> _What the task requires_
Please transcribe every record below exactly, leaving out the pictures.

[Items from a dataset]
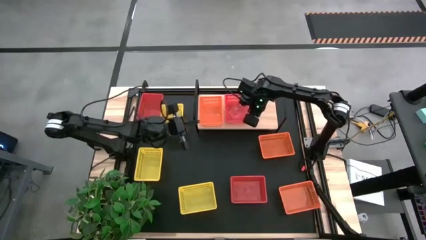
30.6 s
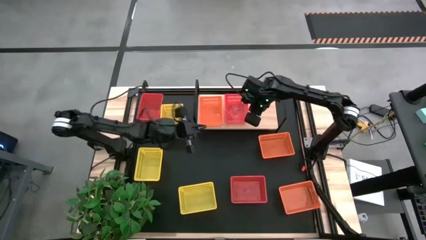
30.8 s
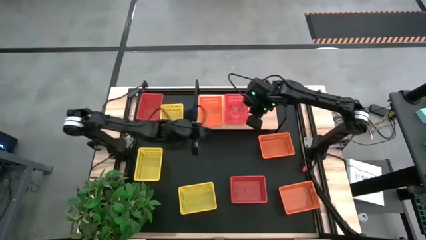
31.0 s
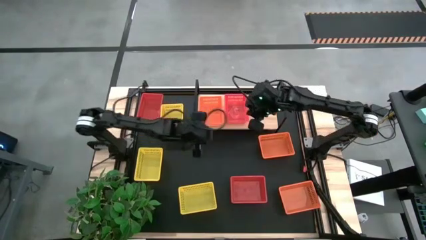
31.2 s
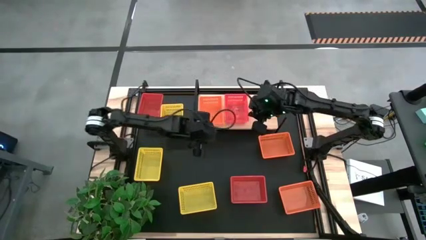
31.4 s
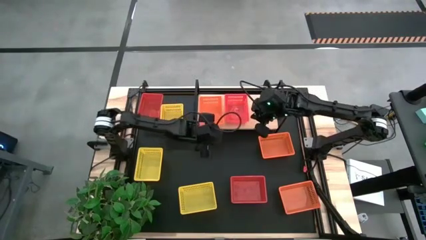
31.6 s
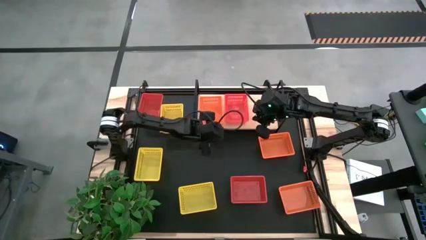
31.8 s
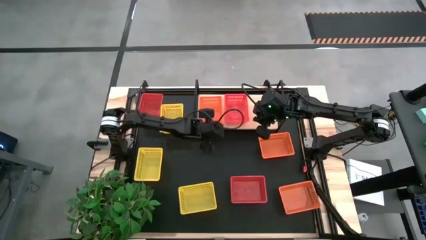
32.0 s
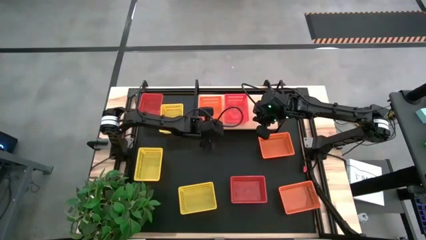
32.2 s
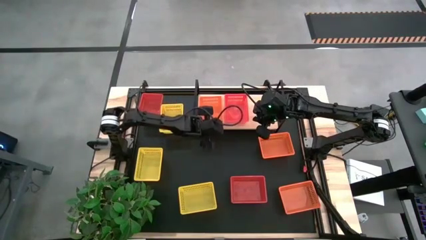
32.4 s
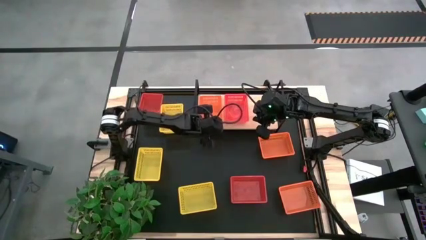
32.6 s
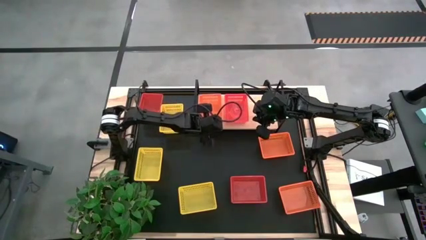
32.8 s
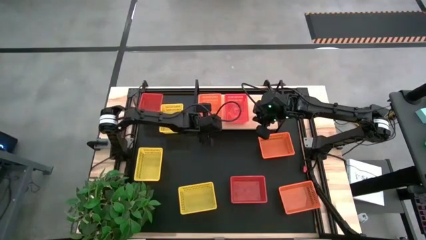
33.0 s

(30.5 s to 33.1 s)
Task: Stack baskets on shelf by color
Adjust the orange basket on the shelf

> _Response below_
30.6 s
30.8 s
31.0 s
31.2 s
31.4 s
31.6 s
31.8 s
32.0 s
32.2 s
32.4 s
32.6 s
32.8 s
33.0 s

(30.5 s to 33.1 s)
Task: Stack baskets on shelf by color
Adjust the orange basket on the shelf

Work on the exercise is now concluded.